Let’s begin with the basic workflow. We have used the IRIS dataset for the workflow.
Splitting Data Into Training Data And Testing Data
For splitting the dataset, we use Data Sampler Widget. Now, we will split the data into two parts, 80% of data for training and 20% for testing. We will send the first 80% onwards to build a model and remaining for testing purpose.
Firstly, connect the file to Data Sampler. Then, click on the Data Sampler and amend the changes you want in the Data Sampler
It selects a subset of data instances from an input dataset.
- Data: input dataset
- Data Sample: sampled data instances (used for training)
- Remaining Data: out-of-sample data (used for testing)
So we have to pass the whole dataset into Data Sampler Widget. By default, the dataset splits into train(70%) and test data(30%) in the Data Sampler. In Data Sampler Widget we will split our dataset into train(80%) and test data(20%).
Effects Of Data Splitting On The Classification Model & Result
To know the effect, first we have to create a workflow which tests the learning algorithms(SVM, KNN and many more)on data and score them. For this we will use Test and Score widget which gets data from Data Sampler and, train, test and score learner algorithm.
Test and Score
Tests learning algorithms on data.
- Data: input dataset
- Test Data: separate data for testing
- Learner: learning algorithm(s)
- Evaluation Results: results of testing classification algorithms.
After splitting the data we have to connect Data Sampler with Test & Score Widget by connecting two lines one for train data and another for test data. so by clicking on link it opens Edit Links and we have to edit links as shown below.
Data sample(80%) -> Data( Train Data )
Remaining Data(20%) -> Test Data
This workflow utilizes Naïve-Bayes, Random Forest, Neural Network, and KNN ( K Nearest Neighbors ) Widgets to create the model. Machine learning methods are used in all of the widgets. You can connect all of your widgets with the Test & Score Widget as learner as done in the generated workflow(see the above images).
Test and Score widget must need two things to test and score as seen in above Test and Score section.
(1) Data ( Train & Test )
(2) Machine Learning Algorithm
Now after sending the models to Test & Score along with Train and Test samples, we observe their performance in the table inside the Test & Score widget. But before observing evaluation result we have to make Test and Score widget to evaluate on test samples by clicking option Test on test data on the left panel of widget as shown in the below figure. Because there are other option available for evaluation such as cross validation, Leave one out, and others. So while using test data we always test our model on test data.

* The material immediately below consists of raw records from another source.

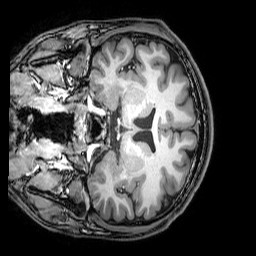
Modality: T1w
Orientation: coronal
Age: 17
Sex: male
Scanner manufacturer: philips
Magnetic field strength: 3 T
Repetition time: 0.008113 s
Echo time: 0.003709 s
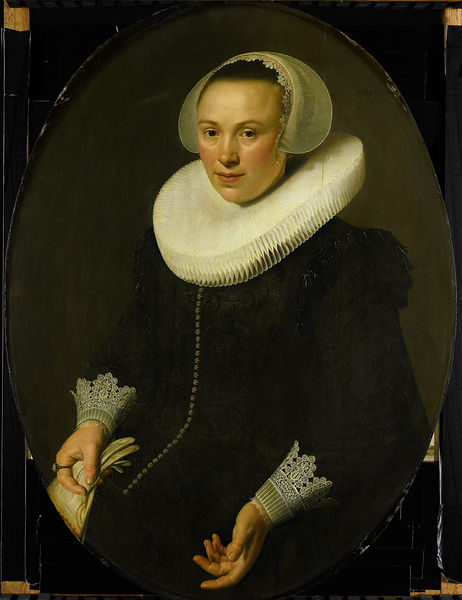
Titel: Portret van Maria Joachimsdr Swartenhont (1598-1631)
Künstler: Nicolaes Eliasz. Pickenoy
Standort: Amsterdam
Institution: Rijksmuseum
Schlagwörter: dunkel, gemälde, frau, handschuh, handschuhe, kleid, schwarz, haube, kragen, spitze, halskrause, portrait, porträt, öl, reich, sitzend, spitzen, oval, knöpfe, ring, manschetten, mühlstein
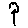
Label: flower
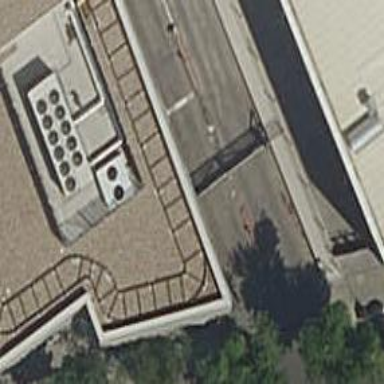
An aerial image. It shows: Lift gate barrier.
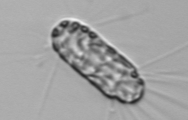
Label: Corethron_hystrix
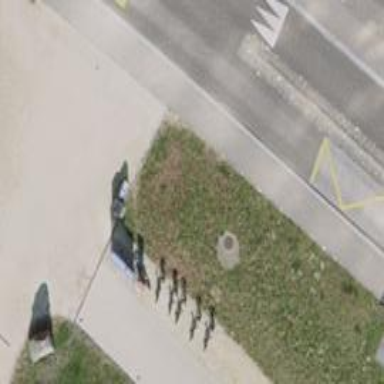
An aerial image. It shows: Bicycle rental service.
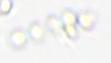
Label: Phaeocystis
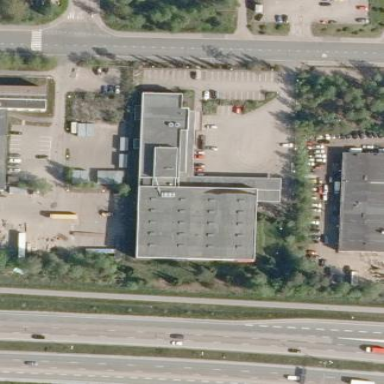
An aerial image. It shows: Commercial building.
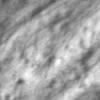
Label: no_change
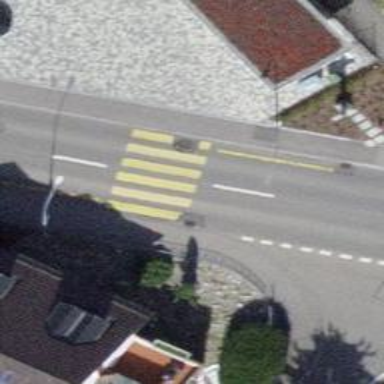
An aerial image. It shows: Uncontrolled zebra crossing on the road.
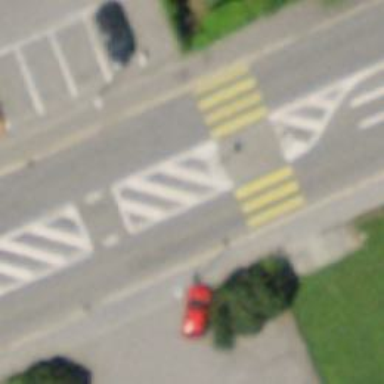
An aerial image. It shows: Uncontrolled zebra crossing with central island.
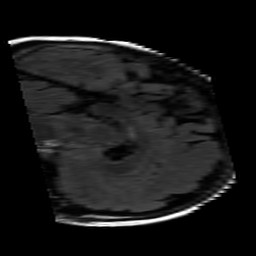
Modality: FLAIR
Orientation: sagittal
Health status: ill
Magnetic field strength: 3 T
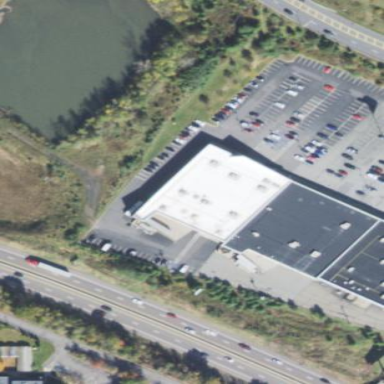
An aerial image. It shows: Building.
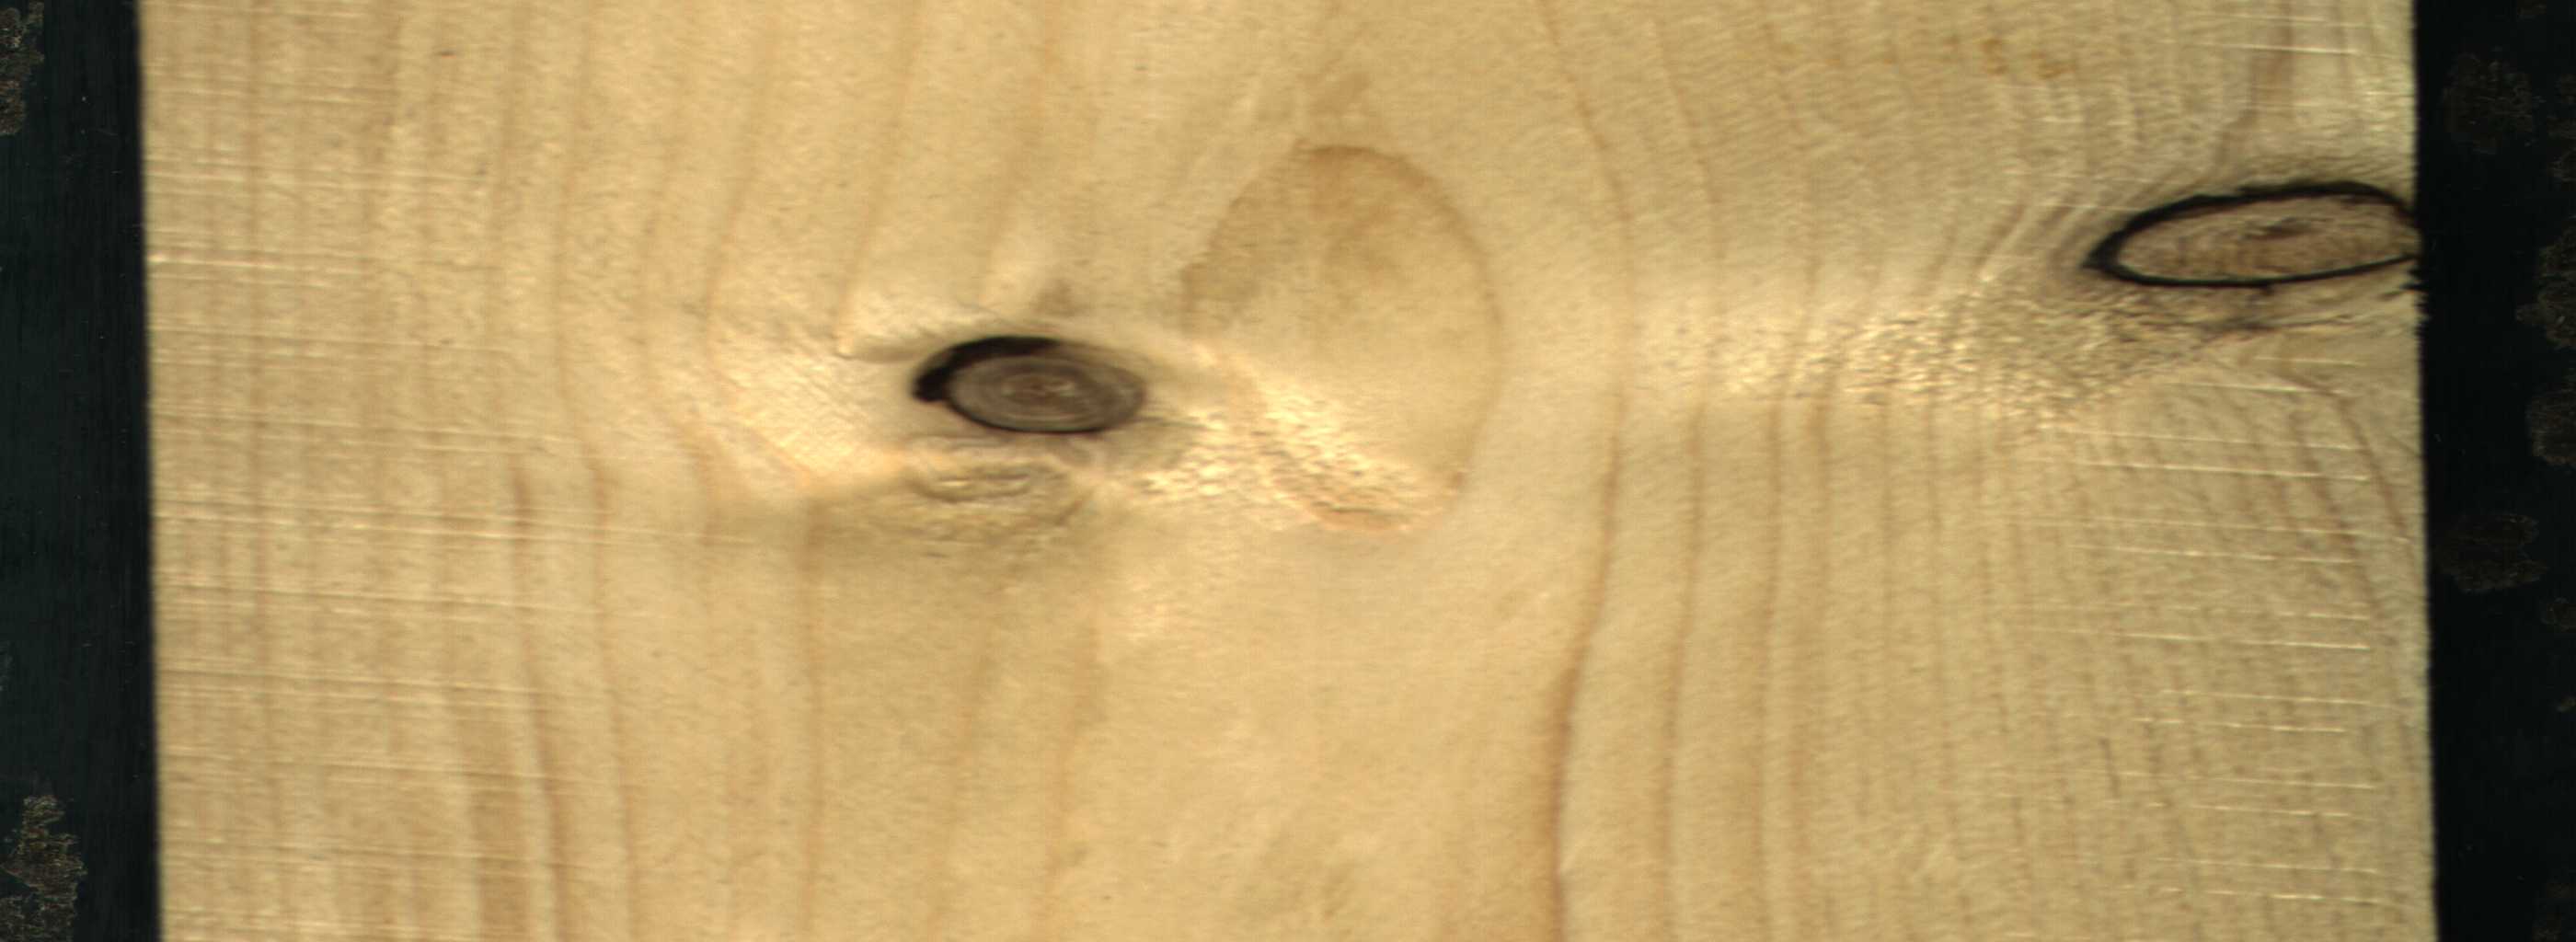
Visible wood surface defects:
Dead_Knot
Dead_Knot

Importance Of Separation Of Test And Training Data
Main importance of data separation is for evaluation purpose. Because overfitting is a common problem while training a model. When a model performs exceptionally well on the data we used to train it, but fails to generalize well to new, previously unseen data points, this phenomena happens.
So test data act as new, previously unseen data points and when model evaluates on the basis of test data we come to know the actual accuracy of model. Alternatively when model evaluates on the basis of train data it gives better accuracy compare to test data, reason behind this is that model already trained on same features which we used for evaluation purpose. But such models are not generalized for real world data they just overfit to training set.

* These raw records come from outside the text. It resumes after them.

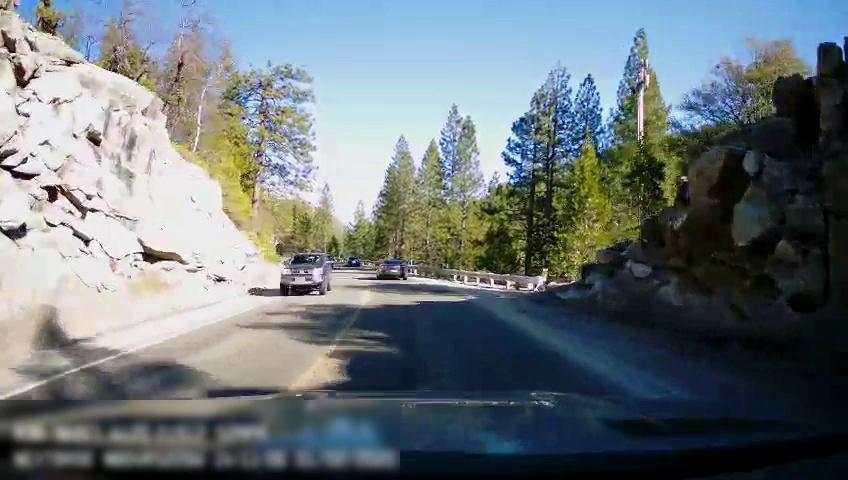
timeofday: Day
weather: Sunny
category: Drivable Space
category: Vehicles | Car
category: Vehicles | Car
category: Vehicles | Car
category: Vehicles | SUV
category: Lanes | Opposite Lane
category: Lanes | Current Lane
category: Lanes | Opposite Lane
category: Lanes | Current Lane
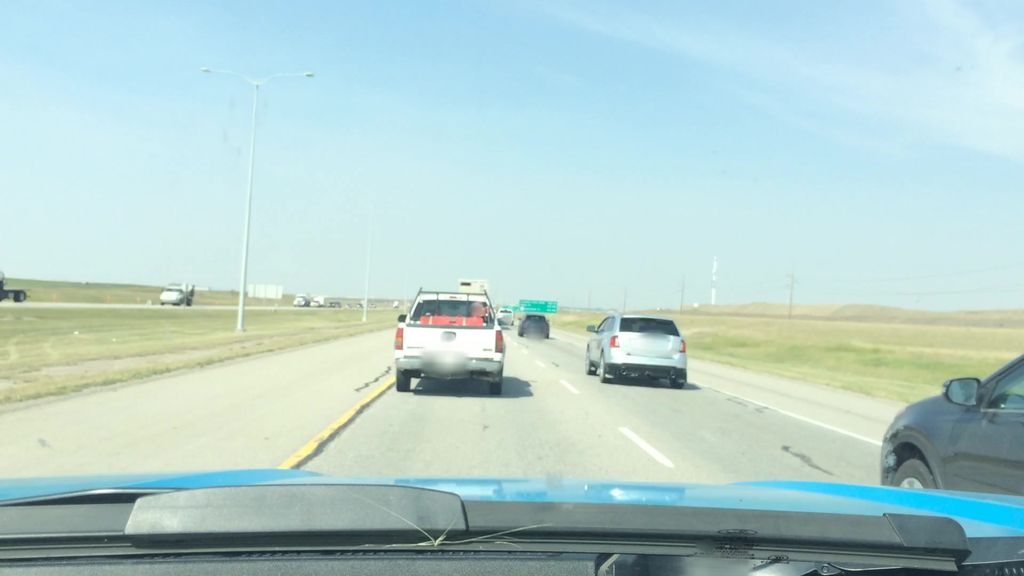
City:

So the effect of splitting data on classification model is nothing but CA(Classification Accuracy). Here we can see that CA for Test on train data(left side) is greater but we know that is not consider as actual accuracy, we really want our model that can generalize to the every test data.
Cross-validation is a statistical method for estimating machine learning model performance (or accuracy). It is used to prevent overfitting in a prediction model, especially when the amount of data available is restricted. In cross-validation, a set number of folds (or partitions) of the data are created, the analysis is conducted on each fold, and the total error estimate is averaged.

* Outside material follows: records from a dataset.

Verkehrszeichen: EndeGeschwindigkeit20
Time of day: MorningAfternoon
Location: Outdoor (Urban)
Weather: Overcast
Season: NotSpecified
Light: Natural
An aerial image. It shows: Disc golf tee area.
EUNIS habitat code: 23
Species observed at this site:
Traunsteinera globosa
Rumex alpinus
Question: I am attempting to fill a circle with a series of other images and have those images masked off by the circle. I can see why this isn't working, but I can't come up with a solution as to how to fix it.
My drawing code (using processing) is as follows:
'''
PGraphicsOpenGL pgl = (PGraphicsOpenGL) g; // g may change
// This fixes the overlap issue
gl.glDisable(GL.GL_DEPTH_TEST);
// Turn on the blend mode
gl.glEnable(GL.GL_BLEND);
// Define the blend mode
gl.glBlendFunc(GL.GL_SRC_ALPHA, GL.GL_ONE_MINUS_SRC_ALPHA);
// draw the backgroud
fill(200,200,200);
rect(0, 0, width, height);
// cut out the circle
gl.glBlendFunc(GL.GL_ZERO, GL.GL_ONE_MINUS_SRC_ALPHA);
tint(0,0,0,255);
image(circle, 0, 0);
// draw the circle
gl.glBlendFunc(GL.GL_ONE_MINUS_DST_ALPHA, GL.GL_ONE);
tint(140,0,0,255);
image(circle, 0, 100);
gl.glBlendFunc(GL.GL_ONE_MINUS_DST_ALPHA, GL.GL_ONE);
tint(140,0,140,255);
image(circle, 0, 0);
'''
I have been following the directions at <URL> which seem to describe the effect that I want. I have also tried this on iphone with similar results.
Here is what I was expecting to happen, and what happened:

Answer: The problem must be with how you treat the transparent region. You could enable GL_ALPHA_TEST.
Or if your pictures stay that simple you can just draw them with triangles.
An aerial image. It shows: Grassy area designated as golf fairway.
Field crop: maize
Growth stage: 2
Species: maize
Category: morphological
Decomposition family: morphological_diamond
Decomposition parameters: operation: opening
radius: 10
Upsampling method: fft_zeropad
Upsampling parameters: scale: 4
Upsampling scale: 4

Splitting data into train and test data which we had done above is also type of validation called Holdout validation. One technique to improve the holdout method is to use K-fold cross validation. This strategy ensures that our model’s score is independent of how we chose the train and test set. The data set is subdivided into k subsets, and the holdout approach is applied to each subset k times.
Efficient Use Of Cross-Validation In Orange
For the same workflow using Test and Score widget we can use cross validation by clicking on option of cross validation on the left panel of widget as shown in the below image. Also we are able to change the value K folds.
As we can see we have used K=10 for cross validation so Number of folds are 10. The data set is subdivided into 10 subsets, and the holdout approach is applied to each subset 10 times.
Effects On Model Output & Accuracy
Cross–validation is a method of evaluating a machine learning model’s ability to predict fresh data. It can also be used to detect issues like as overfitting or selection bias, as well as provide information on how the model will generalize to a different dataset. Here instead of single holdout approach it perform K times which provide better Actual accuracy of model. So we can see Cross validation accuracy is less but more accurate or generalize.
Confusion Matrices can also be used for analyzing the output.
This is the practical regarding how visual programming can be performed using Orange3.